**Assignment**
Print the records below exactly, omitting all pictures.

**Supplied records**
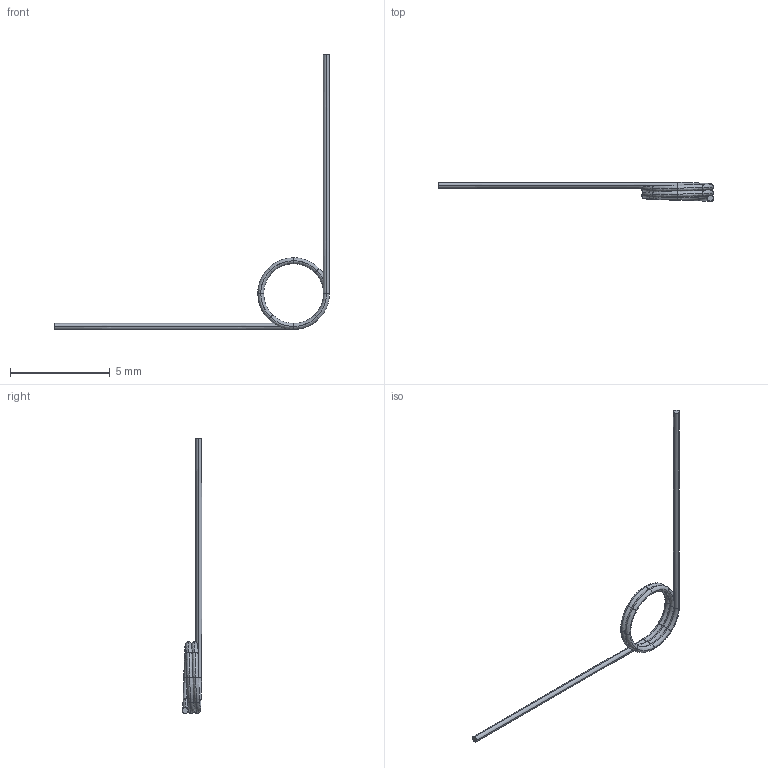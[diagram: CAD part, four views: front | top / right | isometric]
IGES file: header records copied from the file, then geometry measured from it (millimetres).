
Start section: DESIGNBASE IGES
Global section: file name: 33-0320.igs; native system: RICOH DESIGNBASE V15; preprocessor: IGES PREPROCESSOR V15; author: unknown; organization: unknown; date: 20140110.142626; units: millimetre
Bounding box: 13.8 x 0.97 x 13.8 mm (x, y, z)
Surface area: 44.7 mm2 (no closed solid volume)
Topology: 0 solids, 0 shells, 82 faces, 510 edges, 695 vertices
Faces by surface type: bspline 80, plane 2
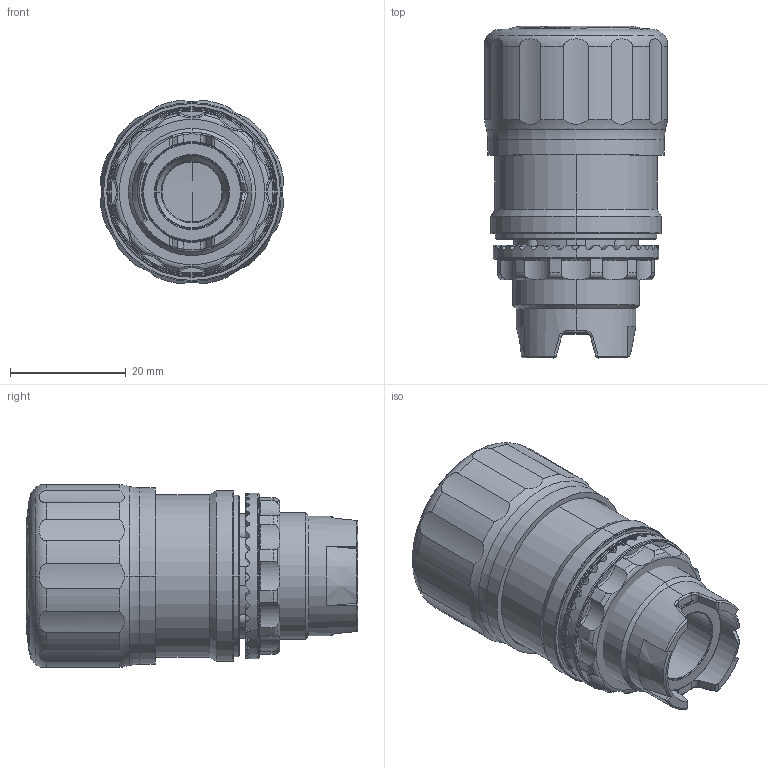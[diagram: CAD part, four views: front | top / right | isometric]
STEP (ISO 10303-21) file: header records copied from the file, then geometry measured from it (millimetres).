
FILE_DESCRIPTION((''),'2;1');
FILE_NAME('__ASM','2022-08-18T',('supu'),(''),'CREO PARAMETRIC BY PTC INC, 2014350','CREO PARAMETRIC BY PTC INC, 2014350','');
FILE_SCHEMA(('CONFIG_CONTROL_DESIGN'));
Length unit declared in the file: millimetre
Products named in the file (8): SP5201T1002; SP5201T5001; SP5204T1004; SP5204T1003; SP5204T1002; SP5204T1001; _X2_6025505C94AE_X0__ASM; __ASM
Assembly tree (7 placements, depth 3):
  __ASM
    _X2_6025505C94AE_X0__ASM
      SP5201T1002
      SP5201T5001
      SP5204T1004
      SP5204T1003
      SP5204T1002
      SP5204T1001
Bounding box: 31.71 x 57.45 x 31.71 mm (x, y, z)
Volume: 15807.1 mm3; surface area: 21422.2 mm2
Topology: 6 solids, 6 shells, 689 faces, 1870 edges, 1187 vertices
Faces by surface type: bspline 178, plane 148, torus 144, cylinder 129, cone 68, sphere 13, extrusion 9
Entity records: 28325 total; most frequent: CARTESIAN_POINT 11725, ORIENTED_EDGE 3726, DIRECTION 3188, EDGE_CURVE 1863, AXIS2_PLACEMENT_3D 1350, VERTEX_POINT 1187, CIRCLE 827, EDGE_LOOP 716
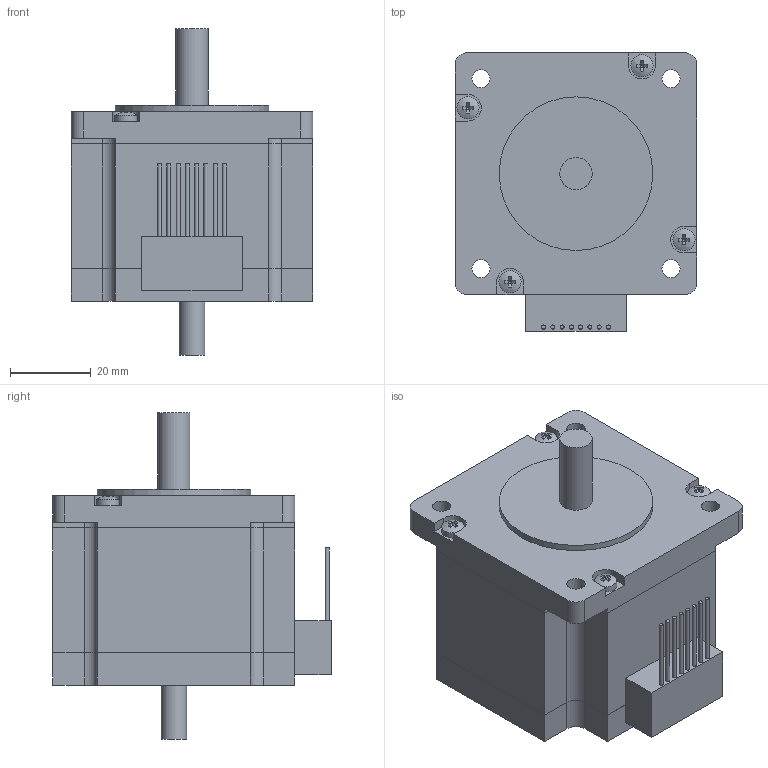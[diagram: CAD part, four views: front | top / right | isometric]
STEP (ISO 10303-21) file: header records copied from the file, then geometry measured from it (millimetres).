
FILE_DESCRIPTION((''),'2;1');
FILE_NAME('STEPPING_MOTOR_ST6018X.stp','2008-04-24T11:08:23',('wei_j'),(''),'Autodesk Inventor 2008','Autodesk Inventor 2008','');
FILE_SCHEMA(('AUTOMOTIVE_DESIGN { 1 0 10303 214 1 1 1 1 }'));
Length unit declared in the file: millimetre
Products named in the file (9): STEPPING_MOTOR_ST6018X; Frontcap_ST6018; shaft_forward_6018; Schrauben_ISO_7045_M3; Stator_6018_X; Endcap ST6018_kompl; Endcap_6018; leads_4_ST6018; shaft_rear_6.35x13.5
Assembly tree (11 placements, depth 3):
  STEPPING_MOTOR_ST6018X
    Frontcap_ST6018
    shaft_forward_6018
    Schrauben_ISO_7045_M3  x4
    Stator_6018_X
    Endcap ST6018_kompl
      Endcap_6018
      leads_4_ST6018
    shaft_rear_6.35x13.5
Bounding box: 60 x 69 x 81.1 mm (x, y, z)
Volume: 155490.5 mm3; surface area: 34286.2 mm2
Topology: 17 solids, 17 shells, 234 faces, 492 edges, 297 vertices
Faces by surface type: plane 185, cylinder 35, bspline 10, sphere 4
Full cylindrical faces by diameter (mm): 1 x8, 5.5 x4, 6.35 x1, 8 x1, 38.1 x1
Entity records: 4586 total; most frequent: CARTESIAN_POINT 882, DIRECTION 742, ORIENTED_EDGE 640, EDGE_CURVE 320, AXIS2_PLACEMENT_3D 259, VECTOR 224, LINE 224, VERTEX_POINT 219

**Result below**
[diagram: CAD part, four views: front | top / right | isometric]
IGES file: header records copied from the file, then geometry measured from it (millimetres).
Start section: DESIGNBASE IGES
Global section: file name: 33-0320.igs; native system: RICOH DESIGNBASE V15; preprocessor: IGES PREPROCESSOR V15; author: unknown; organization: unknown; date: 20140110.142626; units: millimetre
Bounding box: 13.8 x 0.97 x 13.8 mm (x, y, z)
Surface area: 44.7 mm2 (no closed solid volume)
Topology: 0 solids, 0 shells, 82 faces, 510 edges, 695 vertices
Faces by surface type: bspline 80, plane 2
[diagram: CAD part, four views: front | top / right | isometric]
STEP (ISO 10303-21) file: header records copied from the file, then geometry measured from it (millimetres).
FILE_DESCRIPTION((''),'2;1');
FILE_NAME('__ASM','2022-08-18T',('supu'),(''),'CREO PARAMETRIC BY PTC INC, 2014350','CREO PARAMETRIC BY PTC INC, 2014350','');
FILE_SCHEMA(('CONFIG_CONTROL_DESIGN'));
Length unit declared in the file: millimetre
Products named in the file (8): SP5201T1002; SP5201T5001; SP5204T1004; SP5204T1003; SP5204T1002; SP5204T1001; _X2_6025505C94AE_X0__ASM; __ASM
Assembly tree (7 placements, depth 3):
  __ASM
    _X2_6025505C94AE_X0__ASM
      SP5201T1002
      SP5201T5001
      SP5204T1004
      SP5204T1003
      SP5204T1002
      SP5204T1001
Bounding box: 31.71 x 57.45 x 31.71 mm (x, y, z)
Volume: 15807.1 mm3; surface area: 21422.2 mm2
Topology: 6 solids, 6 shells, 689 faces, 1870 edges, 1187 vertices
Faces by surface type: bspline 178, plane 148, torus 144, cylinder 129, cone 68, sphere 13, extrusion 9
Entity records: 28325 total; most frequent: CARTESIAN_POINT 11725, ORIENTED_EDGE 3726, DIRECTION 3188, EDGE_CURVE 1863, AXIS2_PLACEMENT_3D 1350, VERTEX_POINT 1187, CIRCLE 827, EDGE_LOOP 716
[diagram: CAD part, four views: front | top / right | isometric]
STEP (ISO 10303-21) file: header records copied from the file, then geometry measured from it (millimetres).
FILE_DESCRIPTION((''),'2;1');
FILE_NAME('STEPPING_MOTOR_ST6018X.stp','2008-04-24T11:08:23',('wei_j'),(''),'Autodesk Inventor 2008','Autodesk Inventor 2008','');
FILE_SCHEMA(('AUTOMOTIVE_DESIGN { 1 0 10303 214 1 1 1 1 }'));
Length unit declared in the file: millimetre
Products named in the file (9): STEPPING_MOTOR_ST6018X; Frontcap_ST6018; shaft_forward_6018; Schrauben_ISO_7045_M3; Stator_6018_X; Endcap ST6018_kompl; Endcap_6018; leads_4_ST6018; shaft_rear_6.35x13.5
Assembly tree (11 placements, depth 3):
  STEPPING_MOTOR_ST6018X
    Frontcap_ST6018
    shaft_forward_6018
    Schrauben_ISO_7045_M3  x4
    Stator_6018_X
    Endcap ST6018_kompl
      Endcap_6018
      leads_4_ST6018
    shaft_rear_6.35x13.5
Bounding box: 60 x 69 x 81.1 mm (x, y, z)
Volume: 155490.5 mm3; surface area: 34286.2 mm2
Topology: 17 solids, 17 shells, 234 faces, 492 edges, 297 vertices
Faces by surface type: plane 185, cylinder 35, bspline 10, sphere 4
Full cylindrical faces by diameter (mm): 1 x8, 5.5 x4, 6.35 x1, 8 x1, 38.1 x1
Entity records: 4586 total; most frequent: CARTESIAN_POINT 882, DIRECTION 742, ORIENTED_EDGE 640, EDGE_CURVE 320, AXIS2_PLACEMENT_3D 259, VECTOR 224, LINE 224, VERTEX_POINT 219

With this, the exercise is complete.